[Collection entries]
***

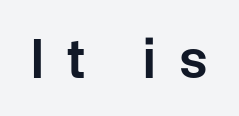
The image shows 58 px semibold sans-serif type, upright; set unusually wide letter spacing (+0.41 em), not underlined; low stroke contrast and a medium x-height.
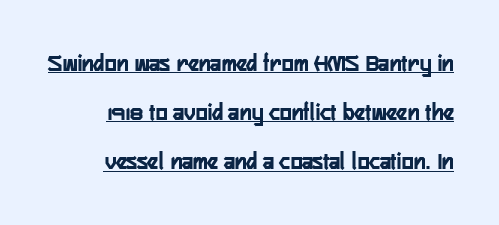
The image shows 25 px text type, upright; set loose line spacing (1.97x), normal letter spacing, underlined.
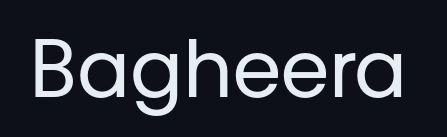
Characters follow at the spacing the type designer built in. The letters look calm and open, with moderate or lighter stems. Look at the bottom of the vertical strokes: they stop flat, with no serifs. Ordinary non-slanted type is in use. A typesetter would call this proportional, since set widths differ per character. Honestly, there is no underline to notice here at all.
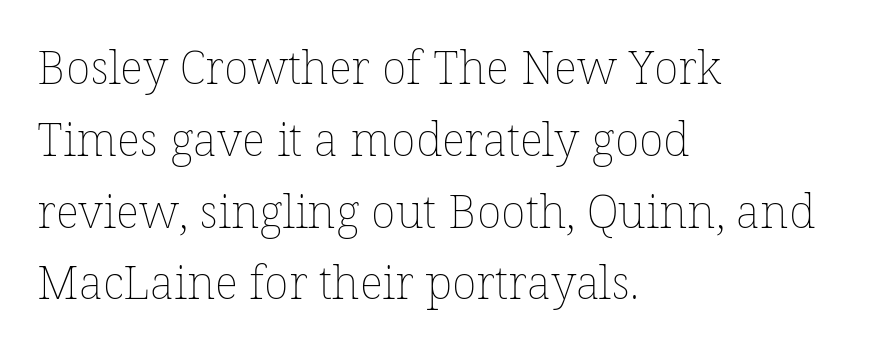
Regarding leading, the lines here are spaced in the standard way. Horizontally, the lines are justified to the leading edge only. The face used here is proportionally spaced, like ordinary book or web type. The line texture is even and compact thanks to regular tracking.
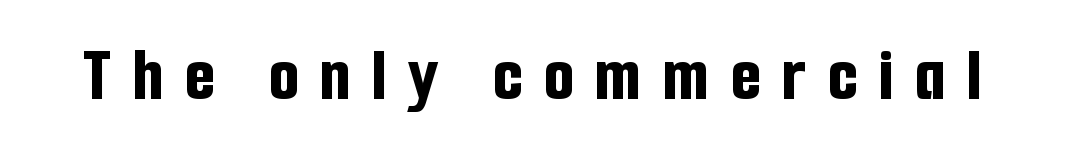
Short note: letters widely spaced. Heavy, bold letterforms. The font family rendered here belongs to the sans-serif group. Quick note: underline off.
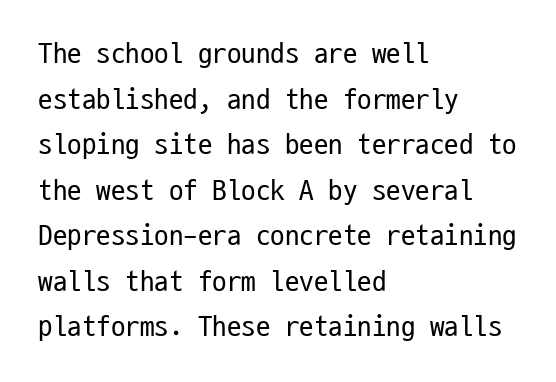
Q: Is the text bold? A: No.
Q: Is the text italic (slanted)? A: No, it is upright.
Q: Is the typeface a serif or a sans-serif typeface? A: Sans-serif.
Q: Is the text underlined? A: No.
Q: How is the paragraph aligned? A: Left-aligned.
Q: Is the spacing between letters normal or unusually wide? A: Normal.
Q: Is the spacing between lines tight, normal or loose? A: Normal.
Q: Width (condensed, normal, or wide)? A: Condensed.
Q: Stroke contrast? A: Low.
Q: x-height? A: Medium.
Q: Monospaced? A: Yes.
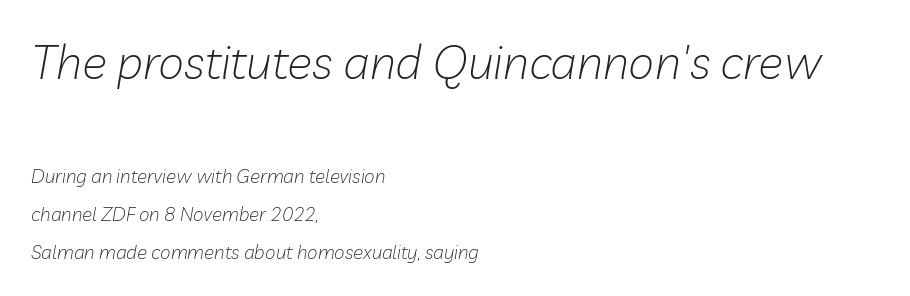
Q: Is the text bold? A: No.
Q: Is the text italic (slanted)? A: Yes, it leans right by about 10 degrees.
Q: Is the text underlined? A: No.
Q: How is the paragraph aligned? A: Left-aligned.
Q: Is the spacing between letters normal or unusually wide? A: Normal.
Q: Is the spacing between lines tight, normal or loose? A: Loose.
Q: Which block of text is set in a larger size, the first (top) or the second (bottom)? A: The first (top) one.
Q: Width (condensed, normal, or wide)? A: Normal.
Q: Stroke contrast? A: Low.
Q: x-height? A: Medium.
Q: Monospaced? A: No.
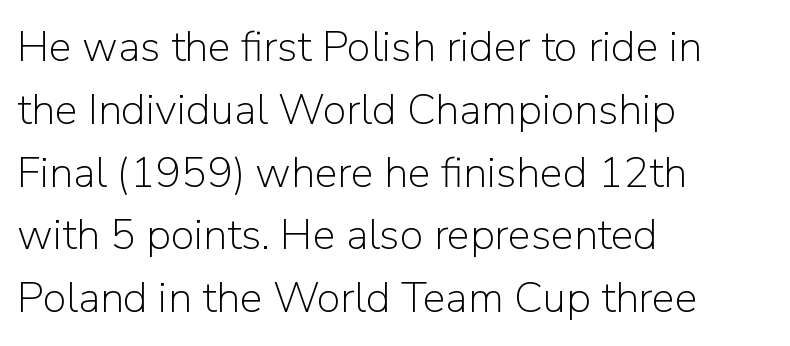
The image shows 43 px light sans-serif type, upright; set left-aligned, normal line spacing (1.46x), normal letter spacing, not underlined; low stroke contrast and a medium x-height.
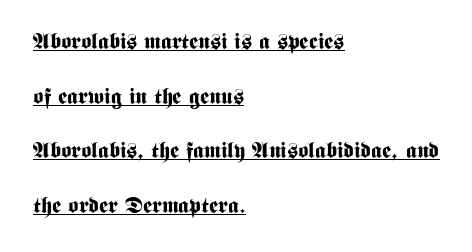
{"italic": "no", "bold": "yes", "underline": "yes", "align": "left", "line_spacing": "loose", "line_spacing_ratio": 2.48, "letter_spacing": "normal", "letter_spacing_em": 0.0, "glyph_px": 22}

***

▶ _Exercise details_
Repeat each of the entries above exactly, but do not carry over the pictures.

▶ _Response to the exercise_
The image shows 58 px semibold sans-serif type, upright; set unusually wide letter spacing (+0.41 em), not underlined; low stroke contrast and a medium x-height.
The image shows 25 px text type, upright; set loose line spacing (1.97x), normal letter spacing, underlined.
Characters follow at the spacing the type designer built in. The letters look calm and open, with moderate or lighter stems. Look at the bottom of the vertical strokes: they stop flat, with no serifs. Ordinary non-slanted type is in use. A typesetter would call this proportional, since set widths differ per character. Honestly, there is no underline to notice here at all.
Regarding leading, the lines here are spaced in the standard way. Horizontally, the lines are justified to the leading edge only. The face used here is proportionally spaced, like ordinary book or web type. The line texture is even and compact thanks to regular tracking.
Short note: letters widely spaced. Heavy, bold letterforms. The font family rendered here belongs to the sans-serif group. Quick note: underline off.
Q: Is the text bold? A: No.
Q: Is the text italic (slanted)? A: No, it is upright.
Q: Is the typeface a serif or a sans-serif typeface? A: Sans-serif.
Q: Is the text underlined? A: No.
Q: How is the paragraph aligned? A: Left-aligned.
Q: Is the spacing between letters normal or unusually wide? A: Normal.
Q: Is the spacing between lines tight, normal or loose? A: Normal.
Q: Width (condensed, normal, or wide)? A: Condensed.
Q: Stroke contrast? A: Low.
Q: x-height? A: Medium.
Q: Monospaced? A: Yes.
Q: Is the text bold? A: No.
Q: Is the text italic (slanted)? A: Yes, it leans right by about 10 degrees.
Q: Is the text underlined? A: No.
Q: How is the paragraph aligned? A: Left-aligned.
Q: Is the spacing between letters normal or unusually wide? A: Normal.
Q: Is the spacing between lines tight, normal or loose? A: Loose.
Q: Which block of text is set in a larger size, the first (top) or the second (bottom)? A: The first (top) one.
Q: Width (condensed, normal, or wide)? A: Normal.
Q: Stroke contrast? A: Low.
Q: x-height? A: Medium.
Q: Monospaced? A: No.
The image shows 43 px light sans-serif type, upright; set left-aligned, normal line spacing (1.46x), normal letter spacing, not underlined; low stroke contrast and a medium x-height.
{"italic": "no", "bold": "yes", "underline": "yes", "align": "left", "line_spacing": "loose", "line_spacing_ratio": 2.48, "letter_spacing": "normal", "letter_spacing_em": 0.0, "glyph_px": 22}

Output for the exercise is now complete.